Exercise brief: The lines to reproduce from the material below are those from the one containing "main class: Woodland" through the one containing "latitude: 63.1878", both included; write them out exactly and add nothing.
=== The input ===
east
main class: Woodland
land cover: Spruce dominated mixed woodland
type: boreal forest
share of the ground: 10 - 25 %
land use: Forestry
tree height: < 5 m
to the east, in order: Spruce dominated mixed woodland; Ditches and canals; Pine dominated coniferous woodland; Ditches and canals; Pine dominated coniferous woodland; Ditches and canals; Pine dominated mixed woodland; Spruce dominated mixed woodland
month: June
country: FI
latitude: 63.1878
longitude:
===
Answer box:
main class: Woodland
land cover: Spruce dominated mixed woodland
type: boreal forest
share of the ground: 10 - 25 %
land use: Forestry
tree height: < 5 m
to the east, in order: Spruce dominated mixed woodland; Ditches and canals; Pine dominated coniferous woodland; Ditches and canals; Pine dominated coniferous woodland; Ditches and canals; Pine dominated mixed woodland; Spruce dominated mixed woodland
month: June
country: FI
latitude: 63.1878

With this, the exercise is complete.